Metadata Updated: September 6, 2025

Background: The purpose of this study was to evaluate the effect of altering the use of the protocol for brain death determination in traumatically injured patients, on time to brain death determination, medical complication rates, organ procurement rates and charges for care rendered during brain death determination. A retrospective chart review of trauma patients with lethal brain injuries at an urban tertiary care trauma center was performed. Two groups of trauma patients with lethal head injuries were compared. Group I consisted of patients pronounced brain dead using a protocol requiring two brain examinations, and group II contained patients evaluated using a protocol requiring one brain examination in conjunction with a nuclear medicine brain flow scan.

      Results:
      Group II had a significantly (P < 0.01) shorter mean brain death stay (3.5 ± 1.8 h) than group I (12.0 ± 1.0 h).
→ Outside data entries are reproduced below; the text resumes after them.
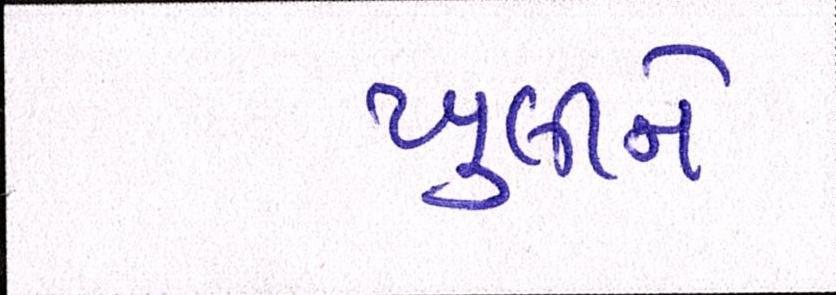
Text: ખુલીને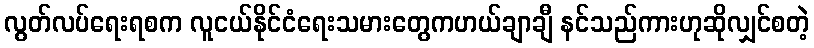
လွတ်လပ်ရေးရစက လူငယ်နိုင်ငံရေးသမားတွေကဟယ်ချာချီ နင်သည်ကားဟုဆိုလျှင်စတဲ့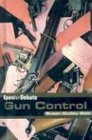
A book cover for Gun Control (Open for Debate); Susan Dudley Gold; Teen & Young Adult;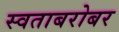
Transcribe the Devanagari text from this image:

Patients in groups I and II developed a similar number of medical complications, 3.2 ± 0.2 and 4.0 ± 1.3, respectively. The number of organs procured per patient did not differ significantly (4.1 ± 0.2 for group I and 4.4 ± 1.4 for group II). There was a significant (P < 0.01) decrease in the brain death stay charges for group II ($6125 ± 1100) compared to group I ($16,645 ± 1223).


      Conclusions:
      Medical complications are universal in the traumatized patient awaiting the determination of brain death. These complications necessitate aggressive and costly care in the intensive care unit in order to optimize organ function in preparation for possible transplantation. In our institution, the determination of brain death using a single clinical examination and a nuclear medicine flow study significantly shortened the brain death stay and reduced associated charges accrued during this period. The complication and organ procurement rates were not affected in this small, preliminary report sample.

Access & Use Information

Public: This dataset is intended for public access and use. License: No license information was provided. If this work was prepared by an officer or employee of the United States government as part of that person's official duties it is considered a U.S. Government Work.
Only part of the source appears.